■ **WORK ITEM**: Could all of the entries be written out exactly, with any pictures omitted?

[Start of section]

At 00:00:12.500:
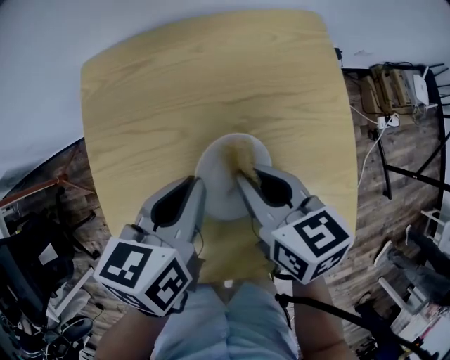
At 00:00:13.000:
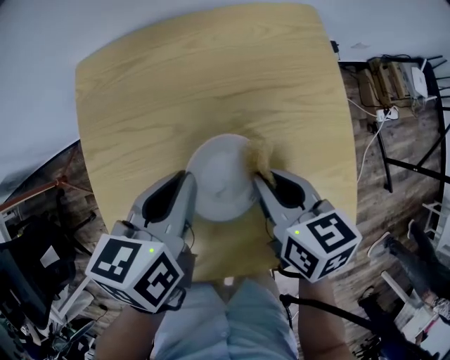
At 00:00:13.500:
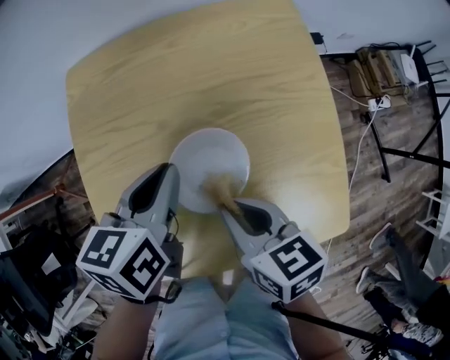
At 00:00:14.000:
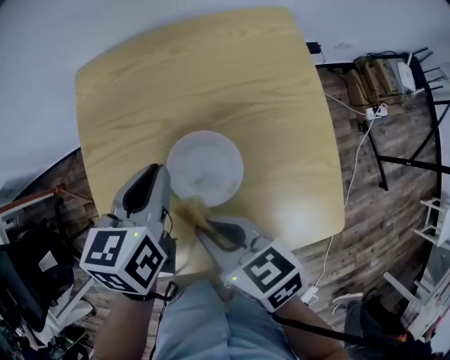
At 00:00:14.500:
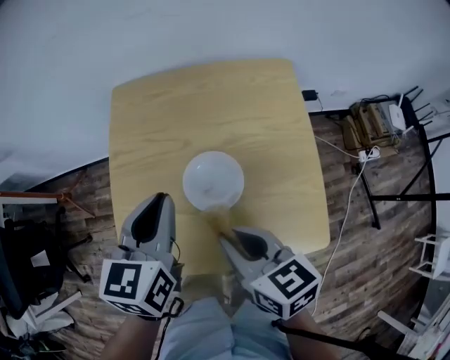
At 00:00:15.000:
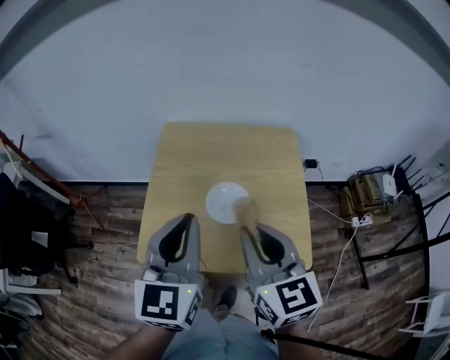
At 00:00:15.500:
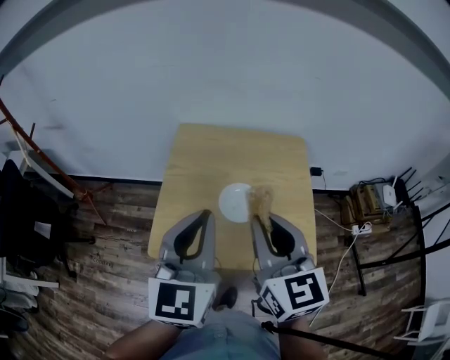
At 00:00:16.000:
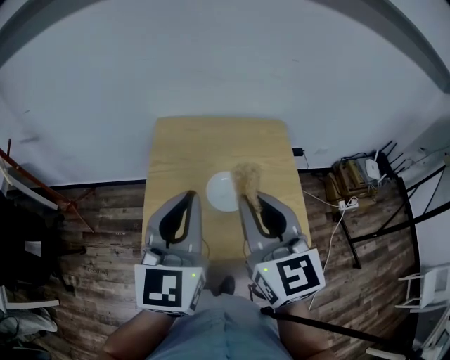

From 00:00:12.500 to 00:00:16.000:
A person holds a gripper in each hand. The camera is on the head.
From 00:00:12.500 to 00:00:14.500: The left gripper heads upward and backward, covering some 10 cm, and turns by about 20 degrees; the right gripper heads backward and upward, covering some 15 cm.
From 00:00:14.500 to 00:00:16.000: The left gripper shifts about 20 cm upward and backward, and changes its angle by some 30 degrees, while the right gripper shifts roughly 20 cm upward, and rotates some 40 degrees.

[End of section]

■ **EXERCISE ANSWER**:
At 00:00:12.500:
At 00:00:13.000:
At 00:00:13.500:
At 00:00:14.000:
At 00:00:14.500:
At 00:00:15.000:
At 00:00:15.500:
At 00:00:16.000:

From 00:00:12.500 to 00:00:16.000:
A person holds a gripper in each hand. The camera is on the head.
From 00:00:12.500 to 00:00:14.500: The left gripper heads upward and backward, covering some 10 cm, and turns by about 20 degrees; the right gripper heads backward and upward, covering some 15 cm.
From 00:00:14.500 to 00:00:16.000: The left gripper shifts about 20 cm upward and backward, and changes its angle by some 30 degrees, while the right gripper shifts roughly 20 cm upward, and rotates some 40 degrees.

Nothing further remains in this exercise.